Tomopleura retusispirata

Scientific classification
- Kingdom: Animalia
- Phylum: Mollusca
- Class: Gastropoda
- Subclass: Caenogastropoda
- Order: Neogastropoda
- Superfamily: Conoidea
- Family: Borsoniidae
- Genus: Tomopleura
- Species: T. retusispirata
- Binomial name: Tomopleura retusispirata (E. A. Smith, 1877)
- Synonyms: Pleurotoma retusispirata E. A. Smith, 1877 (original combination);

= Tomopleura retusispirata =

- Authority: (E. A. Smith, 1877)
- Synonyms: Pleurotoma retusispirata E. A. Smith, 1877 (original combination)

Species of gastropod

Tomopleura retusispirata is a species of sea snail, a marine gastropod mollusk in the family Borsoniidae.

==Description==
The length of the shell attains 7.9 mm, its width 2.7 mm. The elongate-subfusiform shell has a pale pink color and contains 8 whorls, of which two are contained in the vitreous protoconch.
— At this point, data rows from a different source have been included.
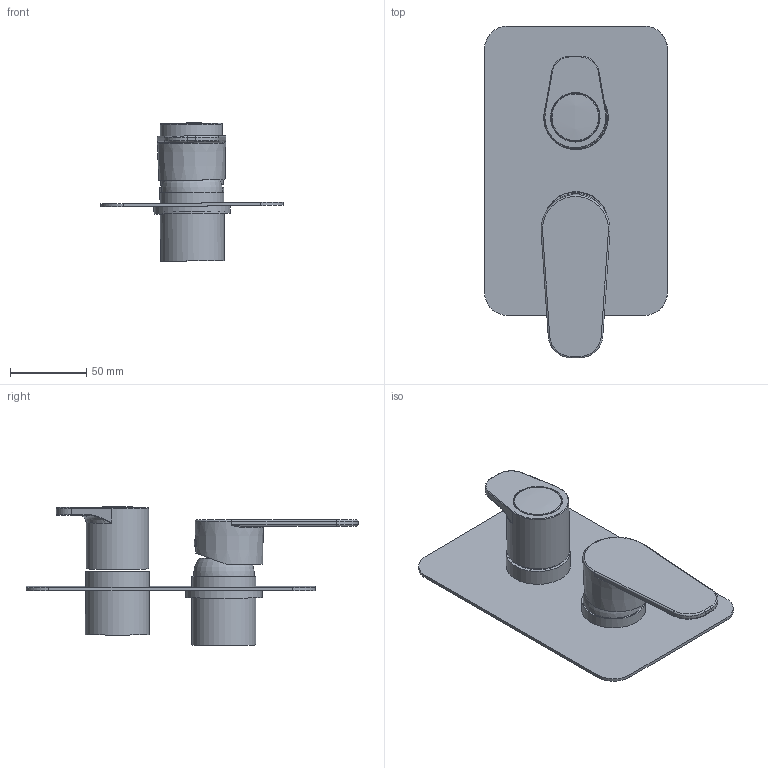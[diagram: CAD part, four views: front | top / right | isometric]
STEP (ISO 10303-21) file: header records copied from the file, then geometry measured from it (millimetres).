
FILE_DESCRIPTION (( 'STEP AP203' ), '1' );
FILE_NAME ('36CP00360.STEP', '2021-02-19T14:28:54', ( '' ), ( '' ), 'SwSTEP 2.0', 'SolidWorks 2018', '' );
FILE_SCHEMA (( 'CONFIG_CONTROL_DESIGN' ));
Length unit declared in the file: millimetre
Products named in the file (1): 36CP00360
Bounding box: 120.01 x 218.04 x 90.93 mm (x, y, z)
Volume: 105620.9 mm3; surface area: 102100.6 mm2
Topology: 8 solids, 8 shells, 160 faces, 356 edges, 228 vertices
Faces by surface type: plane 57, cylinder 53, cone 19, torus 18, bspline 10, sphere 3
Full cylindrical faces by diameter (mm): 6.8 x1, 9.5 x1, 10 x1, 25.6 x1, 28.6 x1, 31 x2, 31.6 x1, 35.8 x2, 36.5 x1, 37 x1, 39 x4, 41 x1, 42 x2, 42.5 x2, 43.2 x1, 48.5 x1, 50 x1
Entity records: 6479 total; most frequent: CARTESIAN_POINT 3202, DIRECTION 670, ORIENTED_EDGE 586, AXIS2_PLACEMENT_3D 295, EDGE_CURVE 293, EDGE_LOOP 232, VERTEX_POINT 211, FACE_OUTER_BOUND 189
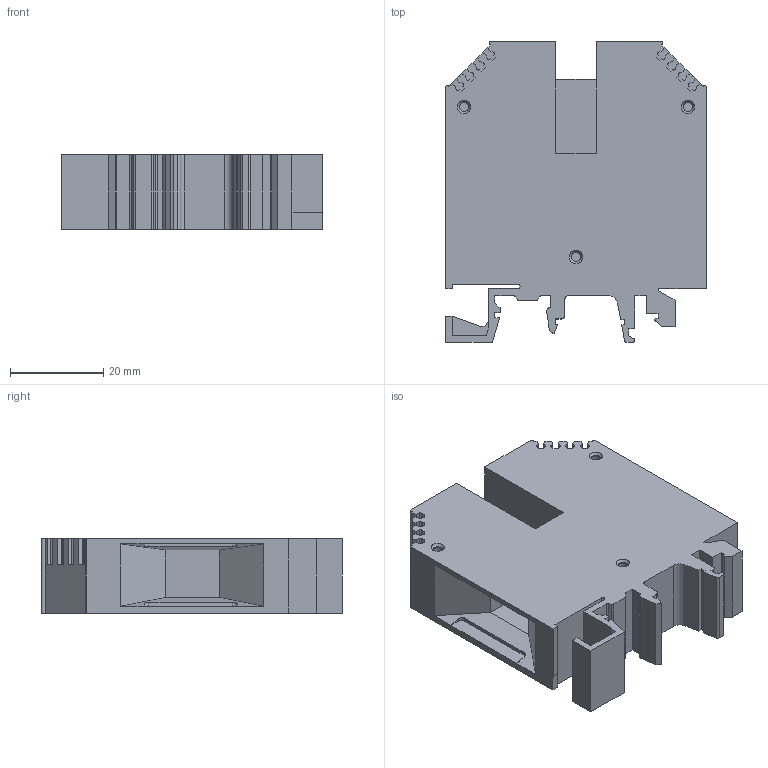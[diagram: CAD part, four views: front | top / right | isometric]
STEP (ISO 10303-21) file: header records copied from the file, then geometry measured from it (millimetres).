
FILE_DESCRIPTION(/* description */ ('Unknown'),/* implementation_level */ '2;1');
FILE_NAME(/* name */ 'BPN-35-AZ',/* time_stamp */ '2024-08-15T08:04:25-03:00',/* author */ ('Unknown'),/* organization */ ('Unknown'),/* preprocessor_version */ 'ST-DEVELOPER v16.7',/* originating_system */ 'Solid Edge',/* authorisation */ 'Unknown');
FILE_SCHEMA (('AUTOMOTIVE_DESIGN {1 0 10303 214 3 1 1}'));
Length unit declared in the file: millimetre
Products named in the file (1): BPN-35-AZ
Bounding box: 56 x 64.5 x 16 mm (x, y, z)
Volume: 36810 mm3; surface area: 15202 mm2
Topology: 1 solids, 3 shells, 273 faces, 742 edges, 483 vertices
Faces by surface type: plane 205, cylinder 50, cone 10, torus 8
Full cylindrical faces by diameter (mm): 2.3 x3, 4.5 x1, 6.2 x2, 9.1 x2
Entity records: 8369 total; most frequent: CARTESIAN_POINT 1465, ORIENTED_EDGE 1424, DIRECTION 1393, EDGE_CURVE 712, LINE 579, VECTOR 579, VERTEX_POINT 479, AXIS2_PLACEMENT_3D 407
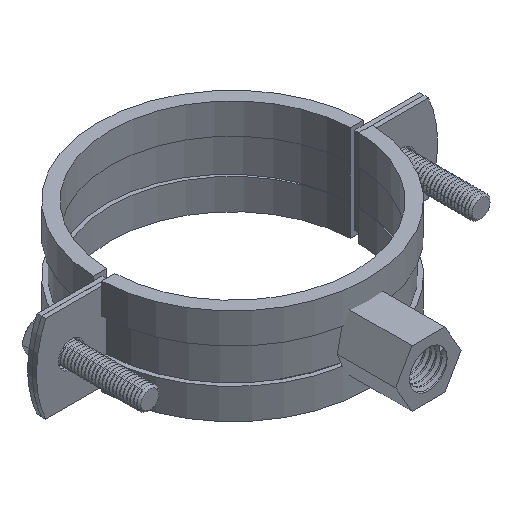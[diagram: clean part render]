
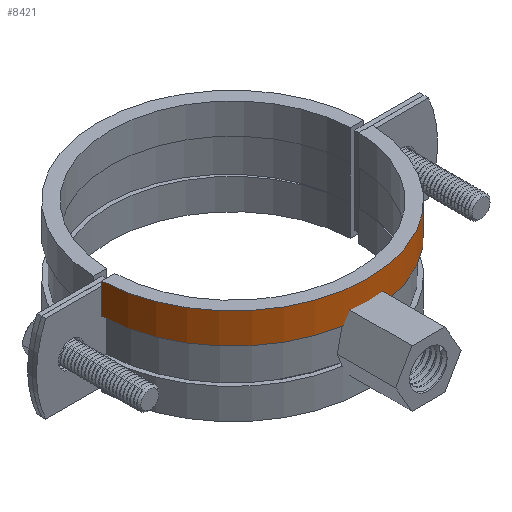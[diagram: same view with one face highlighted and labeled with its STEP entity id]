
A CAD part, isometric view. The second image highlights one B-rep face of the part: STEP entity #8421.
In plain terms, the highlighted cylindrical face has radius 30.998 mm (diameter 61.997 mm), a partial arc.
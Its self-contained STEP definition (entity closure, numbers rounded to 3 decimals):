
#616 = DIRECTION ( 'NONE',  ( 0., 0., -1. ) ) ;
#647 = CARTESIAN_POINT ( 'NONE',  ( 15.001, -1., 21. ) ) ;
#736 = LINE ( 'NONE', #6144, #8138 ) ;
#796 = CARTESIAN_POINT ( 'NONE',  ( 45.983, 0., 21. ) ) ;
#910 = DIRECTION ( 'NONE',  ( 0., 0., 1. ) ) ;
#1125 = ORIENTED_EDGE ( 'NONE', *, *, #1449, .F. ) ;
#1201 = AXIS2_PLACEMENT_3D ( 'NONE', #6974, #5150, #9685 ) ;
#1259 = CARTESIAN_POINT ( 'NONE',  ( 76.965, -1., 21. ) ) ;
#1420 = VERTEX_POINT ( 'NONE', #2204 ) ;
#1449 = EDGE_CURVE ( 'NONE', #10527, #8546, #7210, .T. ) ;
#1953 = ORIENTED_EDGE ( 'NONE', *, *, #9219, .T. ) ;
#2204 = CARTESIAN_POINT ( 'NONE',  ( 15.002, -1.02, 20. ) ) ;
#2451 = DIRECTION ( 'NONE',  ( 1., 0., 0. ) ) ;
#2562 = CARTESIAN_POINT ( 'NONE',  ( 76.965, -1., 20. ) ) ;
#3071 = DIRECTION ( 'NONE',  ( 0., 0., -1. ) ) ;
#3176 = AXIS2_PLACEMENT_3D ( 'NONE', #5200, #616, #2451 ) ;
#3547 = DIRECTION ( 'NONE',  ( 1., 0., 0. ) ) ;
#4030 = CARTESIAN_POINT ( 'NONE',  ( 76.965, -1.02, 20. ) ) ;
#4264 = CARTESIAN_POINT ( 'NONE',  ( 15.002, -1.02, 14. ) ) ;
#4280 = CARTESIAN_POINT ( 'NONE',  ( 76.965, -1.02, 14. ) ) ;
#4605 = EDGE_CURVE ( 'NONE', #1420, #10749, #4814, .T. ) ;
#4648 = CARTESIAN_POINT ( 'NONE',  ( 76.965, -1.02, 21. ) ) ;
#4814 = CIRCLE ( 'NONE', #5399, 30.998 ) ;
#4831 = VECTOR ( 'NONE', #9150, 1000. ) ;
#4841 = LINE ( 'NONE', #6566, #4831 ) ;
#4962 = EDGE_CURVE ( 'NONE', #1420, #7875, #4841, .T. ) ;
#5150 = DIRECTION ( 'NONE',  ( 0., 0., -1. ) ) ;
#5166 = CARTESIAN_POINT ( 'NONE',  ( 45.983, 0., 20. ) ) ;
#5200 = CARTESIAN_POINT ( 'NONE',  ( 45.983, 0., 20. ) ) ;
#5399 = AXIS2_PLACEMENT_3D ( 'NONE', #5166, #11250, #8745 ) ;
#5462 = CARTESIAN_POINT ( 'NONE',  ( 45.983, 0., 14. ) ) ;
#5586 = VERTEX_POINT ( 'NONE', #4280 ) ;
#5888 = VERTEX_POINT ( 'NONE', #4030 ) ;
#6033 = VECTOR ( 'NONE', #7524, 1000. ) ;
#6144 = CARTESIAN_POINT ( 'NONE',  ( 15.001, -1., 21. ) ) ;
#6298 = CARTESIAN_POINT ( 'NONE',  ( 15.001, -1., 20. ) ) ;
#6364 = DIRECTION ( 'NONE',  ( 1., 0., 0. ) ) ;
#6566 = CARTESIAN_POINT ( 'NONE',  ( 15.002, -1.02, 21. ) ) ;
#6582 = CYLINDRICAL_SURFACE ( 'NONE', #1201, 30.998 ) ;
#6820 = ORIENTED_EDGE ( 'NONE', *, *, #4605, .F. ) ;
#6974 = CARTESIAN_POINT ( 'NONE',  ( 45.983, 0., 21. ) ) ;
#6983 = EDGE_CURVE ( 'NONE', #5888, #5586, #11037, .T. ) ;
#7122 = DIRECTION ( 'NONE',  ( 0., 0., 1. ) ) ;
#7127 = EDGE_CURVE ( 'NONE', #8546, #8203, #11091, .T. ) ;
#7184 = CIRCLE ( 'NONE', #8118, 30.998 ) ;
#7210 = CIRCLE ( 'NONE', #9275, 30.998 ) ;
#7435 = ORIENTED_EDGE ( 'NONE', *, *, #10017, .F. ) ;
#7524 = DIRECTION ( 'NONE',  ( 0., 0., -1. ) ) ;
#7595 = ORIENTED_EDGE ( 'NONE', *, *, #4962, .T. ) ;
#7710 = DIRECTION ( 'NONE',  ( 0., 0., -1. ) ) ;
#7875 = VERTEX_POINT ( 'NONE', #4264 ) ;
#7897 = ORIENTED_EDGE ( 'NONE', *, *, #7127, .F. ) ;
#8006 = ORIENTED_EDGE ( 'NONE', *, *, #6983, .F. ) ;
#8118 = AXIS2_PLACEMENT_3D ( 'NONE', #5462, #910, #6364 ) ;
#8138 = VECTOR ( 'NONE', #7710, 1000. ) ;
#8203 = VERTEX_POINT ( 'NONE', #2562 ) ;
#8241 = EDGE_CURVE ( 'NONE', #7875, #5586, #7184, .T. ) ;
#8421 = ADVANCED_FACE ( 'NONE', ( #11025 ), #6582, .T. ) ;
#8546 = VERTEX_POINT ( 'NONE', #9884 ) ;
#8745 = DIRECTION ( 'NONE',  ( 1., 0., 0. ) ) ;
#9150 = DIRECTION ( 'NONE',  ( 0., 0., -1. ) ) ;
#9219 = EDGE_CURVE ( 'NONE', #10527, #10749, #736, .T. ) ;
#9275 = AXIS2_PLACEMENT_3D ( 'NONE', #796, #7122, #3547 ) ;
#9680 = ORIENTED_EDGE ( 'NONE', *, *, #8241, .T. ) ;
#9685 = DIRECTION ( 'NONE',  ( -1., 0., 0. ) ) ;
#9884 = CARTESIAN_POINT ( 'NONE',  ( 76.965, -1., 21. ) ) ;
#10017 = EDGE_CURVE ( 'NONE', #8203, #5888, #11041, .T. ) ;
#10128 = VECTOR ( 'NONE', #3071, 1000. ) ;
#10527 = VERTEX_POINT ( 'NONE', #647 ) ;
#10749 = VERTEX_POINT ( 'NONE', #6298 ) ;
#11025 = FACE_OUTER_BOUND ( 'NONE', #11285, .T. ) ;
#11037 = LINE ( 'NONE', #4648, #10128 ) ;
#11041 = CIRCLE ( 'NONE', #3176, 30.998 ) ;
#11091 = LINE ( 'NONE', #1259, #6033 ) ;
#11250 = DIRECTION ( 'NONE',  ( 0., 0., -1. ) ) ;
#11285 = EDGE_LOOP ( 'NONE', ( #8006, #7435, #7897, #1125, #1953, #6820, #7595, #9680 ) ) ;

The next 5 whorls are bicarinate. Around the middle of each whorl there is a single nodose liration. The body whorl is rounded at its perifery and forms a short, recurved siphonal canal. The small aperture contains 6 - 7 spiral lirae. The margin of the outer lip is slightly crenulated. The middle of the columella shows two weak pleats. The base of the columella is torsed towards the inner lip.

==Distribution==
This marine species occurs off South Africa.